Rains Rains, of Gadsden, for appellee.

Brief did not reach the Reporter.

Action for damages by O. W. Stanfield against the Alabama Coca-Cola Bottling Company. Judgment for plaintiff, and defendant appeals.

Transferred from Court of Appeals under Code 1923, § 7326.

Reversed and remanded.

Ground 1 of the motion for a new trial is as follows:

"1. The action of plaintiff's counsel in propounding questions to witnesses and in statements that he expected or offered to prove certain facts were highly prejudicial to defendant and grossly improper and tended to influence the jury in rendering its verdict against the defendant, said questions and statements or offers by plaintiff's counsel being as follows:

"(a) During the cross-examination of W. C. Dumas, a witness for the defendant, plaintiff's counsel propounded to him this question:

"You've done the same thing a number of times? You have seen that man the Coca-Cola Company sends around to eat glass for them too haven't you?

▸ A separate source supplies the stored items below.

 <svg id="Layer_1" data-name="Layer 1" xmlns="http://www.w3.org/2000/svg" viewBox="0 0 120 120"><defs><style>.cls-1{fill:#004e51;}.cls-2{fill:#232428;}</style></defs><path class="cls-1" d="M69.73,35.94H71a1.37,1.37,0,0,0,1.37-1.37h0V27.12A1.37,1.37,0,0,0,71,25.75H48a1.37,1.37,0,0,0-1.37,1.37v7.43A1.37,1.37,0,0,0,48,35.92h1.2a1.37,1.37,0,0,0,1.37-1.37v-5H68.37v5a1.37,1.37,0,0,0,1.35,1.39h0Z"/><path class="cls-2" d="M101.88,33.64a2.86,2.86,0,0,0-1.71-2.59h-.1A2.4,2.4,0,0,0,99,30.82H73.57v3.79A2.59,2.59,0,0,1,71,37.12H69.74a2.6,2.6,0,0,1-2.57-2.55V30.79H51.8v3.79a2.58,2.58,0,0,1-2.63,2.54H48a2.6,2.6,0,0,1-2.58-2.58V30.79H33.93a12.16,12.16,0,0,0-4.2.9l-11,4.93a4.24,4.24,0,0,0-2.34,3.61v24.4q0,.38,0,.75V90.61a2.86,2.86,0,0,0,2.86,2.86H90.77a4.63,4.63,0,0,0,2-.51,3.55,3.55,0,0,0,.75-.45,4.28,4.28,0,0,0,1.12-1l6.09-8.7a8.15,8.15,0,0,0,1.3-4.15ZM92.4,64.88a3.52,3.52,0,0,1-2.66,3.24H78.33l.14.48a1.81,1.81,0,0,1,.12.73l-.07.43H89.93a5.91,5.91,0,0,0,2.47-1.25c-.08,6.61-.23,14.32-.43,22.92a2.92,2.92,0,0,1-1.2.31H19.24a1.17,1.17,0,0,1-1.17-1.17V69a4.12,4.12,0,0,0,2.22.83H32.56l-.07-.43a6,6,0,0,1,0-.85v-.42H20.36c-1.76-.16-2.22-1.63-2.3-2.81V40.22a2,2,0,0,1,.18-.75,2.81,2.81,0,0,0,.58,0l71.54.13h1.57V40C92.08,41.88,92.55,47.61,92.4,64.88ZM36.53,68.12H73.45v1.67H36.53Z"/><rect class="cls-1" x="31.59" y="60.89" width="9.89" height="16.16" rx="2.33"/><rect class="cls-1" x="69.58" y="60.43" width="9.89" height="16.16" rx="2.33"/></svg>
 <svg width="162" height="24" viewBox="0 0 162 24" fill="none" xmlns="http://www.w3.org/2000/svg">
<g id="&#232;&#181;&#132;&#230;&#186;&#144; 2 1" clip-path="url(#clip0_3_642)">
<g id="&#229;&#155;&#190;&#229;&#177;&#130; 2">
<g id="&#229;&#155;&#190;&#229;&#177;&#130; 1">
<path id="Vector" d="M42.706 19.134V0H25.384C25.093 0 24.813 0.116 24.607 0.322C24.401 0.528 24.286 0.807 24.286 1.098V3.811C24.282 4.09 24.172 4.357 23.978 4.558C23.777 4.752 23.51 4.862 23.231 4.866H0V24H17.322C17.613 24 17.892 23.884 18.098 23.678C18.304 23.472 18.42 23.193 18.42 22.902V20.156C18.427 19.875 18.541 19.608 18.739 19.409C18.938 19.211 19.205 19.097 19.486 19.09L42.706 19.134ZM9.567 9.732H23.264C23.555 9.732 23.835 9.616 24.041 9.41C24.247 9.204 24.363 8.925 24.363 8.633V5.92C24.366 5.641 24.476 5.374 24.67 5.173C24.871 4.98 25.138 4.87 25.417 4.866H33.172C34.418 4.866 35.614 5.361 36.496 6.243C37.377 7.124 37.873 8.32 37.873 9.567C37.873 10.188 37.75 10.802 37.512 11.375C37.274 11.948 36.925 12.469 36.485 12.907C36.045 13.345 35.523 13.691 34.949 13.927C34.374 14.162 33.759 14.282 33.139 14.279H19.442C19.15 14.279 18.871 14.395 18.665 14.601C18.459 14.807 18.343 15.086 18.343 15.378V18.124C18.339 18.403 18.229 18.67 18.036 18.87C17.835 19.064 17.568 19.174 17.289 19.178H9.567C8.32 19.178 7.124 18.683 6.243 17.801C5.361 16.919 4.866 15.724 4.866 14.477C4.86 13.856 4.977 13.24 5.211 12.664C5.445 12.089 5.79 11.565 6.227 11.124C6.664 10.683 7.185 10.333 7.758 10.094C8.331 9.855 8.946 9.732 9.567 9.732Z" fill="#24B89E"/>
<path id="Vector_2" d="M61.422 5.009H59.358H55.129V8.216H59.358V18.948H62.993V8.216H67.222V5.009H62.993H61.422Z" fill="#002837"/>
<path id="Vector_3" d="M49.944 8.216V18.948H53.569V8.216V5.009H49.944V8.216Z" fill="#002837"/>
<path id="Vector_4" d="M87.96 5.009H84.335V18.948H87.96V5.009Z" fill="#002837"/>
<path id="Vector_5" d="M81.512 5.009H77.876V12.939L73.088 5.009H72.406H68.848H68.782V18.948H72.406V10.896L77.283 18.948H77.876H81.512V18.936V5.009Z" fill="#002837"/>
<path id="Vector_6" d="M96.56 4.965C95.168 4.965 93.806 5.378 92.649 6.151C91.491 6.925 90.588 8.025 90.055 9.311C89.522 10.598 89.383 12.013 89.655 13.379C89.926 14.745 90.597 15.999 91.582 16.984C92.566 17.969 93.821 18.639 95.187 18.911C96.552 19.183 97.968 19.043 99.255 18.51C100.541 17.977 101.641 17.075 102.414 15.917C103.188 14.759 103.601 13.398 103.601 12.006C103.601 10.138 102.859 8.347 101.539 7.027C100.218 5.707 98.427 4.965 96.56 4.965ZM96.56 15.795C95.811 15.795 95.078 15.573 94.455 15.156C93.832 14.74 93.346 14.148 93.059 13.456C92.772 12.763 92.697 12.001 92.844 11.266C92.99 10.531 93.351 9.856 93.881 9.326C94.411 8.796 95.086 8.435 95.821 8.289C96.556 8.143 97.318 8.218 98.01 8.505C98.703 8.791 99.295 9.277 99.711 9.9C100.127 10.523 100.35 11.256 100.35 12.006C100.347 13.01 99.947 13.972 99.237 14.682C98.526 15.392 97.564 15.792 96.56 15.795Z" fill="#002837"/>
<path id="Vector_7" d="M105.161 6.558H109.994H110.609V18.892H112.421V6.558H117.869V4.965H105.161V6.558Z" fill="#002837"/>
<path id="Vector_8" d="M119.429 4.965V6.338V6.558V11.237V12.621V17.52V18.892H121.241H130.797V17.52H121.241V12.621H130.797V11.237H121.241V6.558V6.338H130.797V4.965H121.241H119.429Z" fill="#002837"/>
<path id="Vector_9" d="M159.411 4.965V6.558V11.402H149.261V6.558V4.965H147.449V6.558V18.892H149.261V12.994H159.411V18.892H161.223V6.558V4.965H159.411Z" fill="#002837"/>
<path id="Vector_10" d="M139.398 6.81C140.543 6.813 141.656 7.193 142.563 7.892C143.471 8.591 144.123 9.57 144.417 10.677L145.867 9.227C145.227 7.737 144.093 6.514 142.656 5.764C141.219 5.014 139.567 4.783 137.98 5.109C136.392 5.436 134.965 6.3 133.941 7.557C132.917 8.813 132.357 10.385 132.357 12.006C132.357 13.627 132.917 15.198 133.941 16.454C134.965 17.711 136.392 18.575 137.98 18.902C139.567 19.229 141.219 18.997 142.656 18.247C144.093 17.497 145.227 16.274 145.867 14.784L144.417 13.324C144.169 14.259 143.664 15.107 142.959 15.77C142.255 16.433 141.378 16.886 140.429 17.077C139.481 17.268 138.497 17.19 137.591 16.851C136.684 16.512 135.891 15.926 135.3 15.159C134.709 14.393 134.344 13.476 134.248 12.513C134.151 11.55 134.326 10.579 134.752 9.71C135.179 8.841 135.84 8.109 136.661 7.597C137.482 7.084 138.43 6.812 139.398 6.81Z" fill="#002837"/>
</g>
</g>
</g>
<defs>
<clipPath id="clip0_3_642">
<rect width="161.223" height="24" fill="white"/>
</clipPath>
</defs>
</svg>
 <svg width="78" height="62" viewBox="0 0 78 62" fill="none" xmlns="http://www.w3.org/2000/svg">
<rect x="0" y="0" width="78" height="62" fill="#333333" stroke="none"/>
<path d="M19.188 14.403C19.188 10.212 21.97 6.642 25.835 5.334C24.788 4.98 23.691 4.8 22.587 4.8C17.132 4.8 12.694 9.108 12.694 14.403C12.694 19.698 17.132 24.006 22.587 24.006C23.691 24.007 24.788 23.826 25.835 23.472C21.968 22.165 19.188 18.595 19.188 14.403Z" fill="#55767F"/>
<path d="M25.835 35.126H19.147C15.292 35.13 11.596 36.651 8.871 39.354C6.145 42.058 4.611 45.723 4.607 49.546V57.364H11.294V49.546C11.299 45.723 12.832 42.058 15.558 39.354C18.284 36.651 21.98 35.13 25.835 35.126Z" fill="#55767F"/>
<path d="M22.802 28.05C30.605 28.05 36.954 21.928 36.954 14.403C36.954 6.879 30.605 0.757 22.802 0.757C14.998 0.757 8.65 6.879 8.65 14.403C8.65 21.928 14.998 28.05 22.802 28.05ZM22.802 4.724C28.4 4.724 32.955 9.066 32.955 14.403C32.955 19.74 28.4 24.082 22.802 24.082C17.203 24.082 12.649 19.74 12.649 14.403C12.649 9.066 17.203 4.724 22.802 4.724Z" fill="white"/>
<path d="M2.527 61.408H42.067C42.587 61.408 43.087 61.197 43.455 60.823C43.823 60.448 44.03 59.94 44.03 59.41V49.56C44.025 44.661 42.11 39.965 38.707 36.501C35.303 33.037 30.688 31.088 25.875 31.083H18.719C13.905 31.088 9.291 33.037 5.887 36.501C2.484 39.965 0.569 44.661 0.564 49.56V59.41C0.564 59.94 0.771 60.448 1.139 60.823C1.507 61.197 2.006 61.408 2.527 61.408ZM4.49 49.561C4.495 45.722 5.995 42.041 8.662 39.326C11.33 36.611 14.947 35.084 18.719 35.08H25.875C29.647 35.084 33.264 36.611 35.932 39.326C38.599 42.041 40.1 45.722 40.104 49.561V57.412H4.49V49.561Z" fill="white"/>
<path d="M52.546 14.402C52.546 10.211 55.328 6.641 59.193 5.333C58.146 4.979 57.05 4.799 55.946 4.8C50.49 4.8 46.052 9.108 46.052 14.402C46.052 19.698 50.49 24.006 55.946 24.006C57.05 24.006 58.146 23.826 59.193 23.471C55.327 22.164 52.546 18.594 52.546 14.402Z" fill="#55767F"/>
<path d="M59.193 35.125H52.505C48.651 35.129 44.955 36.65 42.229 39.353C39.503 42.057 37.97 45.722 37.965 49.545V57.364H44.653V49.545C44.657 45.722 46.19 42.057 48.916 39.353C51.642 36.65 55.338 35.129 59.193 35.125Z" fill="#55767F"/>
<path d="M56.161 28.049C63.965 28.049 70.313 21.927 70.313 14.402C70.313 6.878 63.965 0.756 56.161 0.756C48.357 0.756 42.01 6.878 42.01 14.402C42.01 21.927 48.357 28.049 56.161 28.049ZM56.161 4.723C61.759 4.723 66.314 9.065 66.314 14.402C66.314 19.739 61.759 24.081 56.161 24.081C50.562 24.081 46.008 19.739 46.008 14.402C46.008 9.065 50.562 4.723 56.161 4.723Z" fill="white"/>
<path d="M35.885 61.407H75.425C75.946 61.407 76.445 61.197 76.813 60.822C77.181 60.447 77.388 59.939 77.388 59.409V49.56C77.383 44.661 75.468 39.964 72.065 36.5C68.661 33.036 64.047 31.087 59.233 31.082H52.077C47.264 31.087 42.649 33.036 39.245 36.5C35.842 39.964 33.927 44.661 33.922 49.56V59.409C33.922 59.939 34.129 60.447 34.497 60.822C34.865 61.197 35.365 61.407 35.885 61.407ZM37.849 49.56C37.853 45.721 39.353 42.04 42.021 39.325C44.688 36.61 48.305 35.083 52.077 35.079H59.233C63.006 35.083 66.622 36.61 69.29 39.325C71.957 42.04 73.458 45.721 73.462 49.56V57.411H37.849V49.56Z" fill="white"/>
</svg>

"(b) During the cross-examination of W. C. Dumas, a witness for the defendant, plaintiff's counsel propounded to him this question:

" 'Would you mind drinking some of that bottle with that cap in it now?'

"(c) During the cross-examination of W. C. Dumas, a witness for the defendant, plaintiff's counsel propounded to him this question:

" 'Are you going to stay here and testify in this next case I've got about a rat in a Coca-Cola bottle?'

"(d) During the cross-examination of F. S. Bridges, a witness for the defendant, plaintiff's counsel propounded to him this question:

" 'Now I want to ask you this question: I believe it is in line with the complaint. I want you to tell the jury whether or not the Alabama Coca-Cola Bottling Company from its various customers throughout Etowah County and Calhoun County have frequently returned to them bottles of Coca-Cola with flies and other soluble bodies in it?'

"(e) After the court sustained defendant's objection to the above question plaintiff's counsel stated in the presence of the jury:

" 'We expect, if the court please, and offer to show that there is frequently returned to the Alabama Coca-Cola Bottling Company here in Gadsden, by their customers, bottles unopened containing flies and other things in the bottle of coca cola.'

"The Court stated: I will sustain the objection.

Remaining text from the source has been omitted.